BURLINGTON, Vt. — A husband and wife from Essex who have been missing for more than a year were abducted and murdered by a random stranger, and a suspect is in custody in another state on other charges, state and federal authorities said Friday.

Officials wouldn’t release the name of the person believed to have killed Bill and Lorraine Currier, who were last seen leaving their Burlington jobs on June 8, 2011. Authorities also wouldn’t say where that person is in custody or on what charges.

State and federal officials said they expect the suspect will be charged in the Curriers’ deaths, but they gave no indication when that would happen.

“The public does have a right to know,” said Chittenden County State’s Attorney T.J. Donovan. “At this time, for a number of reasons, it’s not the appropriate time, but I think the purpose of today was to inform the public, to make that declaration that the Curriers were in fact murdered, that it was a random act and that we believe the person responsible is in custody.”

The news conference was held at the office of Vermont’s top federal prosecutor, U.S. Attorney Tristram Coffin, who made clear the case is being treated as a federal crime. He didn’t say why.

Bill Currier, 50, and Lorraine, 55, were described by the authorities as unassuming “homebodies” who seldom ventured far from home. Bill was an animal care technician at the University of Vermont, and Lorraine worked at Fletcher Allen Health Care.

The telephone line to their house had been cut, and a window in a door into the house from the garage was found to be broken. Their car was later found about three-quarters of a mile away at an apartment complex.

“There was nothing the Curriers did in their personal lives that contributed to their deaths,” said Donovan. “To our knowledge, there’s no prior connection between the Curriers and the individual in custody.”

In April 2012, police received a tip that led them to search an Essex location where a house had been demolished. Officials then spent 11 weeks searching a Coventry landfill looking for the Curriers’ remains. It was believed to be the largest search in Vermont history.

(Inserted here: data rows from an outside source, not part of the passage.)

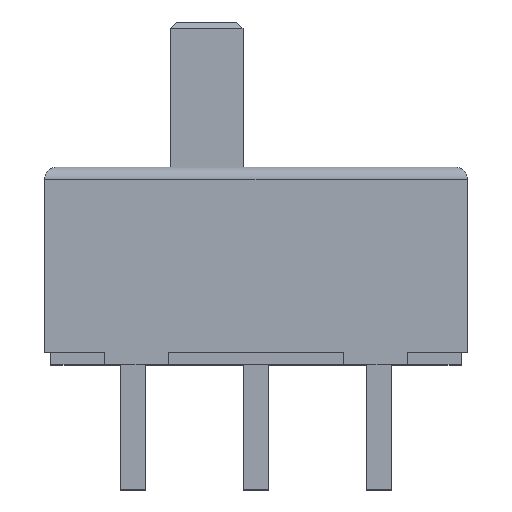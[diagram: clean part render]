
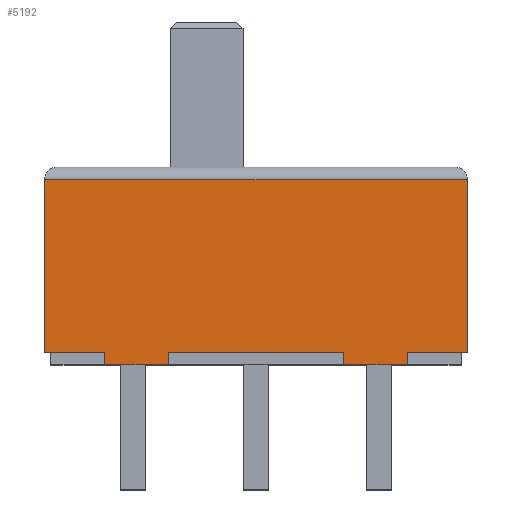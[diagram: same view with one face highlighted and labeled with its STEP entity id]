
A CAD part, top view. The second image highlights one B-rep face of the part: STEP entity #5192.
In plain terms, the highlighted planar face has unit normal (0, 0, 1).
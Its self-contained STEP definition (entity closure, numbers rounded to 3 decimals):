
#403=ORIENTED_EDGE('',*,*,#1479,.F.);
#404=ORIENTED_EDGE('',*,*,#1480,.F.);
#405=ORIENTED_EDGE('',*,*,#1481,.F.);
#406=ORIENTED_EDGE('',*,*,#1464,.F.);
#407=ORIENTED_EDGE('',*,*,#1482,.T.);
#408=ORIENTED_EDGE('',*,*,#1483,.T.);
#409=ORIENTED_EDGE('',*,*,#1438,.F.);
#410=ORIENTED_EDGE('',*,*,#1484,.T.);
#411=ORIENTED_EDGE('',*,*,#1433,.T.);
#412=ORIENTED_EDGE('',*,*,#1485,.F.);
#413=ORIENTED_EDGE('',*,*,#1486,.F.);
#414=ORIENTED_EDGE('',*,*,#1468,.F.);
#1433=EDGE_CURVE('',#1974,#1973,#2333,.T.);
#1438=EDGE_CURVE('',#1978,#1976,#2338,.T.);
#1464=EDGE_CURVE('',#2004,#2005,#2364,.T.);
#1468=EDGE_CURVE('',#2008,#2009,#2368,.T.);
#1479=EDGE_CURVE('',#2015,#2008,#2379,.T.);
#1480=EDGE_CURVE('',#2016,#2015,#2380,.T.);
#1481=EDGE_CURVE('',#2005,#2016,#2381,.T.);
#1482=EDGE_CURVE('',#2004,#2017,#2382,.T.);
#1483=EDGE_CURVE('',#2017,#1976,#2383,.T.);
#1484=EDGE_CURVE('',#1978,#1974,#2384,.T.);
#1485=EDGE_CURVE('',#2018,#1973,#2385,.T.);
#1486=EDGE_CURVE('',#2009,#2018,#2386,.T.);
#1973=VERTEX_POINT('',#6312);
#1974=VERTEX_POINT('',#6314);
#1976=VERTEX_POINT('',#6319);
#1978=VERTEX_POINT('',#6323);
#2004=VERTEX_POINT('',#6376);
#2005=VERTEX_POINT('',#6378);
#2008=VERTEX_POINT('',#6384);
#2009=VERTEX_POINT('',#6386);
#2015=VERTEX_POINT('',#6405);
#2016=VERTEX_POINT('',#6407);
#2017=VERTEX_POINT('',#6410);
#2018=VERTEX_POINT('',#6414);
#2333=LINE('',#6313,#2605);
#2338=LINE('',#6324,#2610);
#2364=LINE('',#6377,#2636);
#2368=LINE('',#6385,#2640);
#2379=LINE('',#6404,#2651);
#2380=LINE('',#6406,#2652);
#2381=LINE('',#6408,#2653);
#2382=LINE('',#6409,#2654);
#2383=LINE('',#6411,#2655);
#2384=LINE('',#6412,#2656);
#2385=LINE('',#6413,#2657);
#2386=LINE('',#6415,#2658);
#2605=VECTOR('',#5646,1000.);
#2610=VECTOR('',#5653,1000.);
#2636=VECTOR('',#5681,1000.);
#2640=VECTOR('',#5685,1000.);
#2651=VECTOR('',#5700,1000.);
#2652=VECTOR('',#5701,1000.);
#2653=VECTOR('',#5702,1000.);
#2654=VECTOR('',#5703,1000.);
#2655=VECTOR('',#5704,1000.);
#2656=VECTOR('',#5705,1000.);
#2657=VECTOR('',#5706,1000.);
#2658=VECTOR('',#5707,1000.);
#2882=EDGE_LOOP('',(#403,#404,#405,#406,#407,#408,#409,#410,#411,#412,#413,
#414));
#3134=FACE_BOUND('',#2882,.T.);
#3383=PLANE('',#5448);
#5192=ADVANCED_FACE('',(#3134),#3383,.T.);
#5448=AXIS2_PLACEMENT_3D('',#6403,#5698,#5699);
#5646=DIRECTION('',(0.,-1.,0.));
#5653=DIRECTION('',(0.,-1.,0.));
#5681=DIRECTION('',(-1.,0.,0.));
#5685=DIRECTION('',(-1.,0.,0.));
#5698=DIRECTION('',(0.,0.,1.));
#5699=DIRECTION('',(0.,-1.,0.));
#5700=DIRECTION('',(0.,-1.,0.));
#5701=DIRECTION('',(-1.,0.,0.));
#5702=DIRECTION('',(0.,1.,0.));
#5703=DIRECTION('',(0.,1.,0.));
#5704=DIRECTION('',(1.,0.,0.));
#5705=DIRECTION('',(-1.,0.,0.));
#5706=DIRECTION('',(-1.,0.,0.));
#5707=DIRECTION('',(0.,1.,0.));
#6312=CARTESIAN_POINT('',(-4.293,-1.854,0.253));
#6313=CARTESIAN_POINT('',(-4.293,1.906,0.253));
#6314=CARTESIAN_POINT('',(-4.293,1.652,0.253));
#6319=CARTESIAN_POINT('',(4.293,-1.854,0.253));
#6323=CARTESIAN_POINT('',(4.293,1.652,0.253));
#6324=CARTESIAN_POINT('',(4.293,1.906,0.253));
#6376=CARTESIAN_POINT('',(3.073,-2.107,0.253));
#6377=CARTESIAN_POINT('',(4.293,-2.107,0.253));
#6378=CARTESIAN_POINT('',(1.778,-2.107,0.253));
#6384=CARTESIAN_POINT('',(-1.778,-2.107,0.253));
#6385=CARTESIAN_POINT('',(4.293,-2.107,0.253));
#6386=CARTESIAN_POINT('',(-3.073,-2.107,0.253));
#6403=CARTESIAN_POINT('',(4.293,1.906,0.253));
#6404=CARTESIAN_POINT('',(-1.778,-1.854,0.253));
#6405=CARTESIAN_POINT('',(-1.778,-1.854,0.253));
#6406=CARTESIAN_POINT('',(1.778,-1.854,0.253));
#6407=CARTESIAN_POINT('',(1.778,-1.854,0.253));
#6408=CARTESIAN_POINT('',(1.778,-2.107,0.253));
#6409=CARTESIAN_POINT('',(3.073,-2.107,0.253));
#6410=CARTESIAN_POINT('',(3.073,-1.854,0.253));
#6411=CARTESIAN_POINT('',(3.073,-1.854,0.253));
#6412=CARTESIAN_POINT('',(-4.293,1.652,0.253));
#6413=CARTESIAN_POINT('',(-3.073,-1.854,0.253));
#6414=CARTESIAN_POINT('',(-3.073,-1.854,0.253));
#6415=CARTESIAN_POINT('',(-3.073,-2.107,0.253));
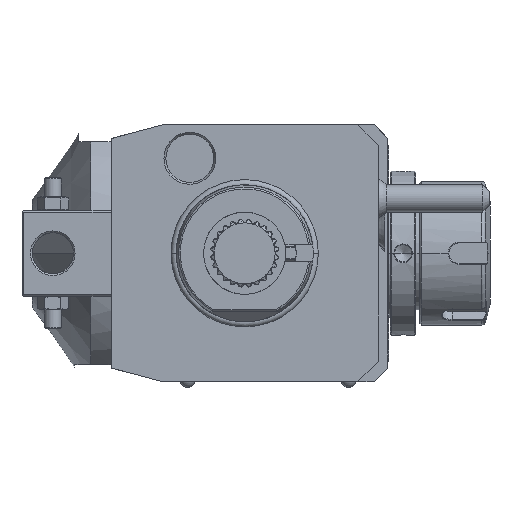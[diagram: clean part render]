
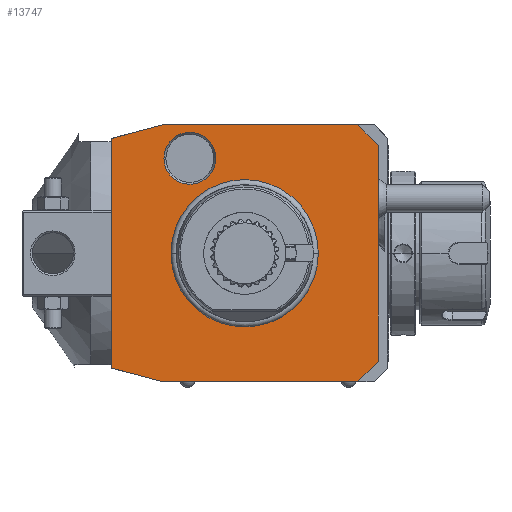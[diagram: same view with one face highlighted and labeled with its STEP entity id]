
A CAD part, front view. The second image highlights one B-rep face of the part: STEP entity #13747.
In plain terms, the highlighted planar face has unit normal (0, -1, 0).
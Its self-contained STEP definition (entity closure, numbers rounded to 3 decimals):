
#1=DIRECTION('',(0.966,0.,-0.259));
#2=VECTOR('',#1,15.529);
#3=CARTESIAN_POINT('',(-39.,0.,-33.481));
#4=LINE('',#3,#2);
#5=DIRECTION('',(0.,0.,-1.));
#6=VECTOR('',#5,66.962);
#7=CARTESIAN_POINT('',(-39.,0.,33.481));
#8=LINE('',#7,#6);
#9=DIRECTION('',(-0.966,0.,-0.259));
#10=VECTOR('',#9,15.529);
#11=CARTESIAN_POINT('',(-24.,0.,37.5));
#12=LINE('',#11,#10);
#13=DIRECTION('',(-1.,0.,0.));
#14=VECTOR('',#13,57.);
#15=CARTESIAN_POINT('',(33.,0.,37.5));
#16=LINE('',#15,#14);
#17=DIRECTION('',(-0.707,0.,0.707));
#18=VECTOR('',#17,8.485);
#19=CARTESIAN_POINT('',(39.,0.,31.5));
#20=LINE('',#19,#18);
#21=DIRECTION('',(0.,0.,1.));
#22=VECTOR('',#21,63.);
#23=CARTESIAN_POINT('',(39.,0.,-31.5));
#24=LINE('',#23,#22);
#25=DIRECTION('',(0.707,0.,0.707));
#26=VECTOR('',#25,8.485);
#27=CARTESIAN_POINT('',(33.,0.,-37.5));
#28=LINE('',#27,#26);
#29=DIRECTION('',(1.,0.,0.));
#30=VECTOR('',#29,57.);
#31=CARTESIAN_POINT('',(-24.,0.,-37.5));
#32=LINE('',#31,#30);
#33=CARTESIAN_POINT('',(-16.,0.,27.713));
#34=DIRECTION('',(0.,1.,0.));
#35=DIRECTION('',(-1.,0.,0.));
#36=AXIS2_PLACEMENT_3D('',#33,#34,#35);
#38=CARTESIAN_POINT('',(-16.,0.,27.713));
#39=DIRECTION('',(0.,1.,0.));
#40=DIRECTION('',(1.,0.,0.));
#41=AXIS2_PLACEMENT_3D('',#38,#39,#40);
#7445=CARTESIAN_POINT('',(0.,0.,0.));
#7446=DIRECTION('',(0.,1.,0.));
#7447=DIRECTION('',(-1.,0.,0.));
#7448=AXIS2_PLACEMENT_3D('',#7445,#7446,#7447);
#7450=CARTESIAN_POINT('',(0.,0.,0.));
#7451=DIRECTION('',(0.,1.,0.));
#7452=DIRECTION('',(1.,0.,0.));
#7453=AXIS2_PLACEMENT_3D('',#7450,#7451,#7452);
#12360=CARTESIAN_POINT('',(-23.577,0.,
27.713));
#12361=CARTESIAN_POINT('',(-8.423,0.,
27.713));
#12362=VERTEX_POINT('',#12360);
#12363=VERTEX_POINT('',#12361);
#13314=CARTESIAN_POINT('',(-39.,0.,-33.481));
#13315=CARTESIAN_POINT('',(-24.,0.,-37.5));
#13316=VERTEX_POINT('',#13314);
#13317=VERTEX_POINT('',#13315);
#13318=CARTESIAN_POINT('',(33.,0.,-37.5));
#13319=VERTEX_POINT('',#13318);
#13320=CARTESIAN_POINT('',(39.,0.,-31.5));
#13321=VERTEX_POINT('',#13320);
#13322=CARTESIAN_POINT('',(39.,0.,31.5));
#13323=VERTEX_POINT('',#13322);
#13324=CARTESIAN_POINT('',(33.,0.,37.5));
#13325=VERTEX_POINT('',#13324);
#13326=CARTESIAN_POINT('',(-24.,0.,37.5));
#13327=VERTEX_POINT('',#13326);
#13328=CARTESIAN_POINT('',(-39.,0.,33.481));
#13329=VERTEX_POINT('',#13328);
#13602=CARTESIAN_POINT('',(-21.137,0.,0.));
#13603=CARTESIAN_POINT('',(21.137,0.,0.));
#13604=VERTEX_POINT('',#13602);
#13605=VERTEX_POINT('',#13603);
#13712=CARTESIAN_POINT('',(0.,0.,0.));
#13713=DIRECTION('',(0.,-1.,0.));
#13714=DIRECTION('',(-1.,0.,0.));
#13715=AXIS2_PLACEMENT_3D('',#13712,#13713,#13714);
#13716=PLANE('',#13715);
#13718=ORIENTED_EDGE('',*,*,#13717,.F.);
#13720=ORIENTED_EDGE('',*,*,#13719,.F.);
#13722=ORIENTED_EDGE('',*,*,#13721,.F.);
#13724=ORIENTED_EDGE('',*,*,#13723,.F.);
#13726=ORIENTED_EDGE('',*,*,#13725,.F.);
#13728=ORIENTED_EDGE('',*,*,#13727,.F.);
#13730=ORIENTED_EDGE('',*,*,#13729,.F.);
#13732=ORIENTED_EDGE('',*,*,#13731,.F.);
#13733=EDGE_LOOP('',(#13718,#13720,#13722,#13724,#13726,#13728,#13730,#13732));
#13734=FACE_OUTER_BOUND('',#13733,.F.);
#13736=ORIENTED_EDGE('',*,*,#13735,.F.);
#13738=ORIENTED_EDGE('',*,*,#13737,.F.);
#13739=EDGE_LOOP('',(#13736,#13738));
#13740=FACE_BOUND('',#13739,.F.);
#13742=ORIENTED_EDGE('',*,*,#13741,.F.);
#13744=ORIENTED_EDGE('',*,*,#13743,.F.);
#13745=EDGE_LOOP('',(#13742,#13744));
#13746=FACE_BOUND('',#13745,.F.);
#37=CIRCLE('',#36,7.577);
#42=CIRCLE('',#41,7.577);
#7449=CIRCLE('',#7448,21.137);
#7454=CIRCLE('',#7453,21.137);
#13717=EDGE_CURVE('',#13316,#13317,#4,.T.);
#13719=EDGE_CURVE('',#13329,#13316,#8,.T.);
#13721=EDGE_CURVE('',#13327,#13329,#12,.T.);
#13723=EDGE_CURVE('',#13325,#13327,#16,.T.);
#13725=EDGE_CURVE('',#13323,#13325,#20,.T.);
#13727=EDGE_CURVE('',#13321,#13323,#24,.T.);
#13729=EDGE_CURVE('',#13319,#13321,#28,.T.);
#13731=EDGE_CURVE('',#13317,#13319,#32,.T.);
#13735=EDGE_CURVE('',#13604,#13605,#7449,.T.);
#13737=EDGE_CURVE('',#13605,#13604,#7454,.T.);
#13741=EDGE_CURVE('',#12362,#12363,#37,.T.);
#13743=EDGE_CURVE('',#12363,#12362,#42,.T.);
#13747=ADVANCED_FACE('',(#13734,#13740,#13746),#13716,.T.);
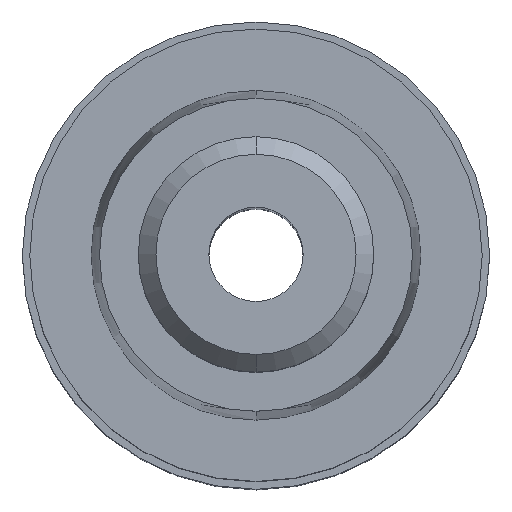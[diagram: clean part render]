
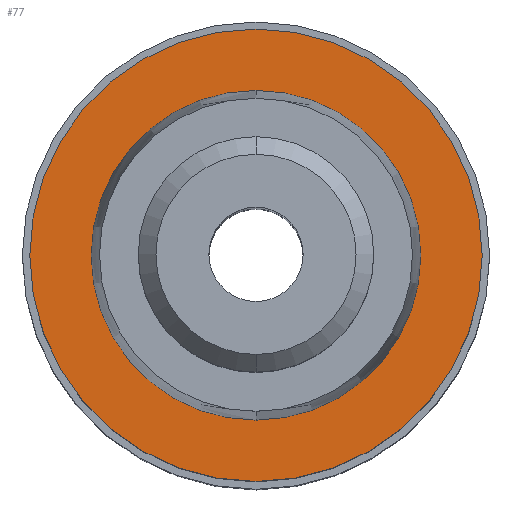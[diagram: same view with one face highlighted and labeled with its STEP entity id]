
A CAD part, top view. The second image highlights one B-rep face of the part: STEP entity #77.
In plain terms, the highlighted planar face has unit normal (0, 0, 1).
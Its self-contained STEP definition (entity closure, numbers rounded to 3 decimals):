
#51=PLANE('',#492);
#60=FACE_BOUND('',#128,.T.);
#61=FACE_BOUND('',#129,.T.);
#77=ADVANCED_FACE('',(#60,#61),#51,.F.);
#128=EDGE_LOOP('',(#186,#187));
#129=EDGE_LOOP('',(#188,#189));
#186=ORIENTED_EDGE('',*,*,#275,.F.);
#187=ORIENTED_EDGE('',*,*,#281,.F.);
#188=ORIENTED_EDGE('',*,*,#282,.F.);
#189=ORIENTED_EDGE('',*,*,#283,.F.);
#240=VERTEX_POINT('',#711);
#242=VERTEX_POINT('',#714);
#246=VERTEX_POINT('',#728);
#247=VERTEX_POINT('',#729);
#275=EDGE_CURVE('',#240,#242,#319,.T.);
#281=EDGE_CURVE('',#242,#240,#324,.T.);
#282=EDGE_CURVE('',#246,#247,#325,.T.);
#283=EDGE_CURVE('',#247,#246,#326,.T.);
#319=CIRCLE('',#481,7.685);
#324=CIRCLE('',#488,7.685);
#325=CIRCLE('',#490,5.6);
#326=CIRCLE('',#491,5.6);
#481=AXIS2_PLACEMENT_3D('',#713,#586,#587);
#488=AXIS2_PLACEMENT_3D('',#725,#601,#602);
#490=AXIS2_PLACEMENT_3D('',#727,#605,#606);
#491=AXIS2_PLACEMENT_3D('',#730,#607,#608);
#492=AXIS2_PLACEMENT_3D('',#731,#609,#610);
#586=DIRECTION('',(0.,0.,-1.));
#587=DIRECTION('',(0.,1.,0.));
#601=DIRECTION('',(0.,0.,-1.));
#602=DIRECTION('',(0.,-1.,0.));
#605=DIRECTION('',(0.,0.,1.));
#606=DIRECTION('',(0.,1.,0.));
#607=DIRECTION('',(0.,0.,1.));
#608=DIRECTION('',(0.,-1.,0.));
#609=DIRECTION('',(0.,0.,-1.));
#610=DIRECTION('',(0.,1.,0.));
#711=CARTESIAN_POINT('',(0.,7.685,24.));
#713=CARTESIAN_POINT('',(0.,0.,24.));
#714=CARTESIAN_POINT('',(0.,-7.685,24.));
#725=CARTESIAN_POINT('',(0.,0.,24.));
#727=CARTESIAN_POINT('',(0.,0.,24.));
#728=CARTESIAN_POINT('',(0.,5.6,24.));
#729=CARTESIAN_POINT('',(0.,-5.6,24.));
#730=CARTESIAN_POINT('',(0.,0.,24.));
#731=CARTESIAN_POINT('',(0.,0.,24.));

The couple’s bodies haven’t been found.

During Friday’s 40-minute news conference, state and federal officials repeatedly said “no comment” when asked for additional details of the case.

“I’m sorry we can’t provide more information,” Coffin said. “We do the public’s work and the public has a right to know what’s going on, but the public’s work requires us sometimes to operate in a situation where we can’t provide full information to the media or to the public generally.”

In a statement read at the news conference, the Currier family said they were grateful for the support they have received from the community and the efforts by police to solve the mystery of the disappearance of Bill and Lorraine.

“Our family circle has a huge gap with the loss of Bill and Lorraine. We need time to absorb this and to grieve,” the statement said. “We haven’t yet made any plans for a public memorial service, but we ask that all of you respond to this random act of violence with daily random acts of kindness in their names.”